Protein length and gene expression
The analysis of protein lengths indicates that genes encoding shorter proteins tend to generally have greater bias in codon usage, as indicated by GC3, for the species examined here (Table 4) [see also Additional data file 1; Table 4]. This is consistent with the trends reported in other organisms to date such as Arabidopsis, Drosophila, C. elegans and yeast [e.g., [8,54]]. We also found marked evidence that the gene expression level in the species studied here is inversely correlated to protein length for each of the six datasets examined (across all genes per dataset), a result consistent with trends reported in humans, Drosophila and Populus tremula [2,55,56]. In particular, the Pearson correlation coefficients were: Z. mays male (R = -0.135, P = 2.6 × 10-5), Z. mays female (R = -0.080, P = 0.010), T. aestivum male (R = -0.049, 4.3 × 10-3), T. aestivum female (R = -0.18, P = 1.1 × 10-12), B. napus male (R = -0.149, P = 1.9 × 10-9), and B. napus flower (R = -0.081, P = 4.6 × 10-6). This suggests that the tendency of shorter genes to have greater bias in codon usage (Table 4), at least for the genes examined here, may be due to greater levels of gene expression and an associated selective pressure [54]. Notably, in a complementary analysis to Figure 1, we found that the gender-bias in codon usage was evident among highly and among lowly expressed genes within each the three different protein length categories (short, medium, and long) [see Additional data file 1; Table 5].

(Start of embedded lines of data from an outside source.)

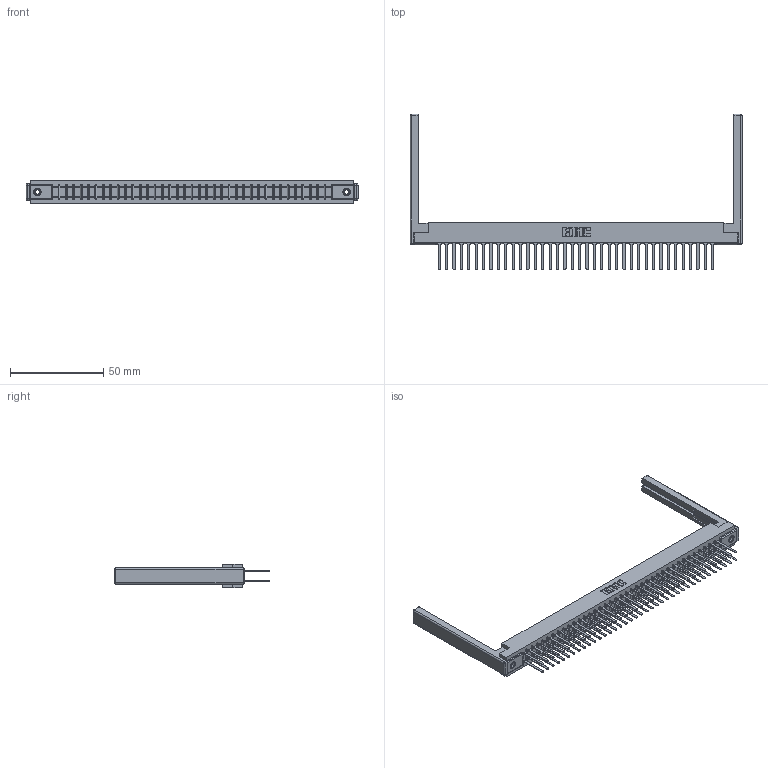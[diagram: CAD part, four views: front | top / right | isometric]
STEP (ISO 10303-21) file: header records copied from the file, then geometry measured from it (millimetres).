
FILE_DESCRIPTION (( 'STEP AP203' ), '1' );
FILE_NAME ('307-076-442-268.STEP', '2020-10-01T05:20:29', ( '' ), ( '' ), 'SwSTEP 2.0', 'SolidWorks 2020', '' );
FILE_SCHEMA (( 'CONFIG_CONTROL_DESIGN' ));
Length unit declared in the file: inch
Products named in the file (5): 345-250-001_345-250-001-102; 307-076-442-268; 307 Part_.156 Dia Mounting Holes; 307-220-068; 307-290-001_542
Assembly tree (81 placements, depth 2):
  307-076-442-268
    307 Part_.156 Dia Mounting Holes
    307-290-001_542  x76
    307-220-068  x2
    345-250-001_345-250-001-102  x2
Bounding box: 178 x 83.39 x 12.7 mm (x, y, z)
Volume: 23571.1 mm3; surface area: 29039.5 mm2
Topology: 81 solids, 81 shells, 3807 faces, 10593 edges, 6834 vertices
Faces by surface type: plane 2514, cylinder 1191, sphere 86, cone 12, torus 4
Entity records: 37013 total; most frequent: CARTESIAN_POINT 6031, ORIENTED_EDGE 5968, DIRECTION 5924, EDGE_CURVE 2984, VECTOR 2286, LINE 2286, VERTEX_POINT 1926, AXIS2_PLACEMENT_3D 1819

Thus, the gender-specific biases in Z. mays and T. aestivum (and flower-specific differences in B. napus) at high and low levels of gene expression observed in Figure 1 cannot be explained by differences in protein lengths. In addition to the inverse association between protein length and bias in codon usage, it is also evident from Table 4 that the three species examined here tend to have different values for GC3, with decreasingly lower values occurring from T. aestivum, to Z. mays and to B. napus. Altogether, it is evident from our entire analysis that the gender-specific effects on codon usage can be detected across a range of protein lengths, gene expression levels, and for different plant species, thereby demonstrating that gender-specific factors play a significant role in genome evolution.
Notable issues
It should be noted that the B. napus material used for the microspore cDNA library was grown at low temperatures (10°C/5°C) that could potentially alter some fraction of the gene expression in the microspore if stress-mediation genes were enhanced. In fact, we found less than 1% of the total genes in B. napus microspores were stress-related (data not shown). Another issue worth considering is the implication of previous findings of gender-specific mutation rates in plants, a trend that was based on the detection of higher evolutionary rates at silent sites, including third codon positions, in male gametes [57]. Higher mutation rates in sperm, however, should act to enhance per generational mutation rates across the entire genome, including those genes expressed in females and in males, and thus, not impact the observed bias in codon usage.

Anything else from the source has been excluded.